Check whether the 3 vectors ar coplanar or not
A= t+j+k , B= i+3j+k , C= 2i+2j+2k
If three vectors are coplanar, their scalar triple product is zero. Give it a go, and someone will check your work :)
I assume you mean A = i+j+k
Is A X B in the same direction as A X C?
You can work it out but by inspection you can see that vector A is the same direction as vector C and therefore, A and B (or C and B) define a plane.
No it's A = t+j+k
well, we know they are coplanar if t = 1
not if not
Thanks .. thats what i was doubtful about !!!
well it is very difficult for A to be perpendicular to both B and C otherwise
because j + k and 3 j+k just do not work :)
To check if the three vectors A, B, and C are coplanar, we need to determine if they lie on the same plane.
One way to check coplanarity is to find the normal vector to the plane formed by the three vectors.

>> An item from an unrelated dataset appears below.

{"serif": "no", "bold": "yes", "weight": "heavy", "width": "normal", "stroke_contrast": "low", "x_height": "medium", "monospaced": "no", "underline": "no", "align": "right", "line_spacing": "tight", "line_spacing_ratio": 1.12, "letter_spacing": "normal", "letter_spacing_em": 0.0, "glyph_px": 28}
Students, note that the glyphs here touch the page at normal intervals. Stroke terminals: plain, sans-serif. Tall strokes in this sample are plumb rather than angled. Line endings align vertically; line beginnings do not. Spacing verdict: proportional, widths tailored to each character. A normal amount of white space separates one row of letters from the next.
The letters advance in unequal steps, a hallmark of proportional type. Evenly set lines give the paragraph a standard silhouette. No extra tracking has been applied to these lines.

If this normal vector is zero or parallel to any of the three vectors, then the vectors are coplanar.
Let's find the normal vector to the plane. We can do this by taking the cross product of any two vectors on the plane. Here, we choose vectors AB and AC.
1. Calculate vector AB by subtracting vector A from vector B:
AB = B - A = (i + 3j + k) - (t + j + k) = (i + 3j + k) - (t + 1j + 1k) = (i - t + 2j + 0k).

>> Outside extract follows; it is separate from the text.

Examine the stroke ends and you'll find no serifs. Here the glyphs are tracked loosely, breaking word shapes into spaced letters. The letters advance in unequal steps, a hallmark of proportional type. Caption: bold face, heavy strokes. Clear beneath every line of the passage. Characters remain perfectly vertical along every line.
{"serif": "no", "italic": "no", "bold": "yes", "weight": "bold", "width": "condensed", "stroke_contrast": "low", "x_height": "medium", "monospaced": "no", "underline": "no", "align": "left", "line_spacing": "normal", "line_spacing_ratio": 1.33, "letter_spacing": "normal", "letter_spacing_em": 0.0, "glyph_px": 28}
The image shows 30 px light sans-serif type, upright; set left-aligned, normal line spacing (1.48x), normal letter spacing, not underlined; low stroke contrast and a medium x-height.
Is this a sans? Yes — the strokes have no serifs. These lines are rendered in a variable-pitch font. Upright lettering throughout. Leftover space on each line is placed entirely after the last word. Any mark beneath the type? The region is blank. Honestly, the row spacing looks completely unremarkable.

2. Calculate vector AC by subtracting vector A from vector C:
AC = C - A = (2i + 2j + 2k) - (t + j + k) = (2i + 2j + 2k) - (t + 1j + 1k) = (2i - t + 1j + 1k).
3. Take the cross product of vectors AB and AC:
N = AB x AC = (i - t + 2j + 0k) x (2i - t + 1j + 1k).
To find the cross product, we use the following formula:
(AB x AC) = det(i, j, k; i - t, 2, 0; 2 - t, 1, 1).
Expanding the determinant, we get:
(AB x AC) = (2 - t)j - ((2 - t)(2 - t) - 1(i - t))k
= (2 - t)j - (t^2 - 4t + 3)i + (t^2 - 4t + 3)k.
If the normal vector N is equal to zero or is parallel to any of the vectors A, B, or C, then A, B, and C are coplanar. Otherwise, they are not coplanar.
So compare the components of the normal vector N with zero and each of the vectors A, B, and C to check for coplanarity.